───── Data records ─────

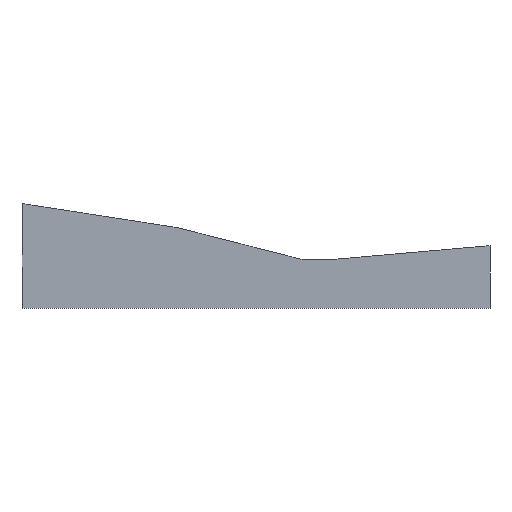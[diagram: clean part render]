
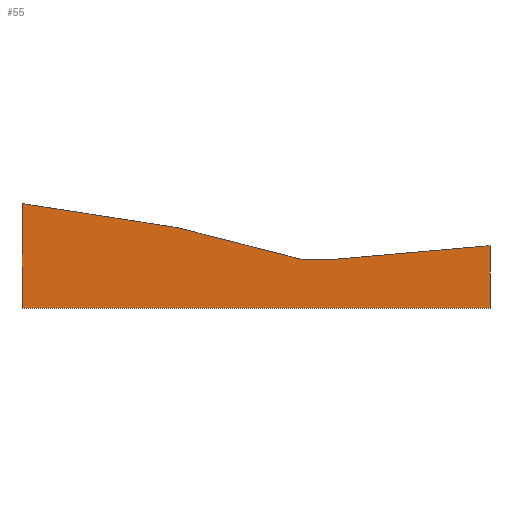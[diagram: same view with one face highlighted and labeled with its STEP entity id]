
A CAD part, top view. The second image highlights one B-rep face of the part: STEP entity #55.
In plain terms, the highlighted planar face has unit normal (0, 0, 1).
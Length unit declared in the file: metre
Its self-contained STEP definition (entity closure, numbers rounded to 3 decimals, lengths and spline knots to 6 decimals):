
#12=FACE_OUTER_BOUND('',#13,.T.);
#13=EDGE_LOOP('',(#46,#47,#48,#49,#50,#51,#52,#53));
#14=LINE('',#88,#22);
#15=LINE('',#90,#23);
#16=LINE('',#92,#24);
#17=LINE('',#94,#25);
#18=LINE('',#96,#26);
#19=LINE('',#98,#27);
#20=LINE('',#100,#28);
#21=LINE('',#101,#29);
#22=VECTOR('',#76,0.01);
#23=VECTOR('',#77,0.01);
#24=VECTOR('',#78,0.01);
#25=VECTOR('',#79,0.01);
#26=VECTOR('',#80,0.01);
#27=VECTOR('',#81,0.01);
#28=VECTOR('',#82,0.01);
#29=VECTOR('',#83,0.01);
#30=VERTEX_POINT('',#86);
#31=VERTEX_POINT('',#87);
#32=VERTEX_POINT('',#89);
#33=VERTEX_POINT('',#91);
#34=VERTEX_POINT('',#93);
#35=VERTEX_POINT('',#95);
#36=VERTEX_POINT('',#97);
#37=VERTEX_POINT('',#99);
#38=EDGE_CURVE('',#30,#31,#14,.T.);
#39=EDGE_CURVE('',#32,#30,#15,.T.);
#40=EDGE_CURVE('',#33,#32,#16,.T.);
#41=EDGE_CURVE('',#34,#33,#17,.T.);
#42=EDGE_CURVE('',#35,#34,#18,.T.);
#43=EDGE_CURVE('',#36,#35,#19,.T.);
#44=EDGE_CURVE('',#37,#36,#20,.T.);
#45=EDGE_CURVE('',#31,#37,#21,.T.);
#46=ORIENTED_EDGE('',*,*,#38,.F.);
#47=ORIENTED_EDGE('',*,*,#39,.F.);
#48=ORIENTED_EDGE('',*,*,#40,.F.);
#49=ORIENTED_EDGE('',*,*,#41,.F.);
#50=ORIENTED_EDGE('',*,*,#42,.F.);
#51=ORIENTED_EDGE('',*,*,#43,.F.);
#52=ORIENTED_EDGE('',*,*,#44,.F.);
#53=ORIENTED_EDGE('',*,*,#45,.F.);
#54=PLANE('',#71);
#55=ADVANCED_FACE('',(#12),#54,.T.);
#71=AXIS2_PLACEMENT_3D('',#85,#74,#75);
#74=DIRECTION('center_axis',(0.,0.,1.));
#75=DIRECTION('ref_axis',(1.,0.,0.));
#76=DIRECTION('',(0.,-1.,0.));
#77=DIRECTION('',(0.996,0.087,0.));
#78=DIRECTION('',(1.,0.,0.));
#79=DIRECTION('',(0.97,-0.244,0.));
#80=DIRECTION('',(0.969,-0.247,0.));
#81=DIRECTION('',(0.988,-0.153,0.));
#82=DIRECTION('',(0.,1.,0.));
#83=DIRECTION('',(-1.,0.,0.));
#85=CARTESIAN_POINT('Origin',(1.693355,0.2,0.));
#86=CARTESIAN_POINT('',(2.586711,0.239293,0.));
#87=CARTESIAN_POINT('',(2.586711,0.,0.));
#88=CARTESIAN_POINT('',(2.586711,0.239293,0.));
#89=CARTESIAN_POINT('',(1.988994,0.187,0.));
#90=CARTESIAN_POINT('',(1.988994,0.187,0.));
#91=CARTESIAN_POINT('',(1.868994,0.187,0.));
#92=CARTESIAN_POINT('',(1.868994,0.187,0.));
#93=CARTESIAN_POINT('',(1.828994,0.197059,0.));
#94=CARTESIAN_POINT('',(1.828994,0.197059,0.));
#95=CARTESIAN_POINT('',(1.392937,0.308208,0.));
#96=CARTESIAN_POINT('',(1.392937,0.308208,0.));
#97=CARTESIAN_POINT('',(0.8,0.4,0.));
#98=CARTESIAN_POINT('',(0.8,0.4,0.));
#99=CARTESIAN_POINT('',(0.8,0.,0.));
#100=CARTESIAN_POINT('',(0.8,0.,0.));
#101=CARTESIAN_POINT('',(2.546711,0.,0.));

─────

**Assignment:** Copy the stretch of the records above that runs from the line with "#18=LINE('',#96,#26);" through the line with "#99=CARTESIAN_POINT('',(0.8,0.,0.));". Both end lines belong in the copy, and nothing else does.

**Task response:**
#18=LINE('',#96,#26);
#19=LINE('',#98,#27);
#20=LINE('',#100,#28);
#21=LINE('',#101,#29);
#22=VECTOR('',#76,0.01);
#23=VECTOR('',#77,0.01);
#24=VECTOR('',#78,0.01);
#25=VECTOR('',#79,0.01);
#26=VECTOR('',#80,0.01);
#27=VECTOR('',#81,0.01);
#28=VECTOR('',#82,0.01);
#29=VECTOR('',#83,0.01);
#30=VERTEX_POINT('',#86);
#31=VERTEX_POINT('',#87);
#32=VERTEX_POINT('',#89);
#33=VERTEX_POINT('',#91);
#34=VERTEX_POINT('',#93);
#35=VERTEX_POINT('',#95);
#36=VERTEX_POINT('',#97);
#37=VERTEX_POINT('',#99);
#38=EDGE_CURVE('',#30,#31,#14,.T.);
#39=EDGE_CURVE('',#32,#30,#15,.T.);
#40=EDGE_CURVE('',#33,#32,#16,.T.);
#41=EDGE_CURVE('',#34,#33,#17,.T.);
#42=EDGE_CURVE('',#35,#34,#18,.T.);
#43=EDGE_CURVE('',#36,#35,#19,.T.);
#44=EDGE_CURVE('',#37,#36,#20,.T.);
#45=EDGE_CURVE('',#31,#37,#21,.T.);
#46=ORIENTED_EDGE('',*,*,#38,.F.);
#47=ORIENTED_EDGE('',*,*,#39,.F.);
#48=ORIENTED_EDGE('',*,*,#40,.F.);
#49=ORIENTED_EDGE('',*,*,#41,.F.);
#50=ORIENTED_EDGE('',*,*,#42,.F.);
#51=ORIENTED_EDGE('',*,*,#43,.F.);
#52=ORIENTED_EDGE('',*,*,#44,.F.);
#53=ORIENTED_EDGE('',*,*,#45,.F.);
#54=PLANE('',#71);
#55=ADVANCED_FACE('',(#12),#54,.T.);
#71=AXIS2_PLACEMENT_3D('',#85,#74,#75);
#74=DIRECTION('center_axis',(0.,0.,1.));
#75=DIRECTION('ref_axis',(1.,0.,0.));
#76=DIRECTION('',(0.,-1.,0.));
#77=DIRECTION('',(0.996,0.087,0.));
#78=DIRECTION('',(1.,0.,0.));
#79=DIRECTION('',(0.97,-0.244,0.));
#80=DIRECTION('',(0.969,-0.247,0.));
#81=DIRECTION('',(0.988,-0.153,0.));
#82=DIRECTION('',(0.,1.,0.));
#83=DIRECTION('',(-1.,0.,0.));
#85=CARTESIAN_POINT('Origin',(1.693355,0.2,0.));
#86=CARTESIAN_POINT('',(2.586711,0.239293,0.));
#87=CARTESIAN_POINT('',(2.586711,0.,0.));
#88=CARTESIAN_POINT('',(2.586711,0.239293,0.));
#89=CARTESIAN_POINT('',(1.988994,0.187,0.));
#90=CARTESIAN_POINT('',(1.988994,0.187,0.));
#91=CARTESIAN_POINT('',(1.868994,0.187,0.));
#92=CARTESIAN_POINT('',(1.868994,0.187,0.));
#93=CARTESIAN_POINT('',(1.828994,0.197059,0.));
#94=CARTESIAN_POINT('',(1.828994,0.197059,0.));
#95=CARTESIAN_POINT('',(1.392937,0.308208,0.));
#96=CARTESIAN_POINT('',(1.392937,0.308208,0.));
#97=CARTESIAN_POINT('',(0.8,0.4,0.));
#98=CARTESIAN_POINT('',(0.8,0.4,0.));
#99=CARTESIAN_POINT('',(0.8,0.,0.));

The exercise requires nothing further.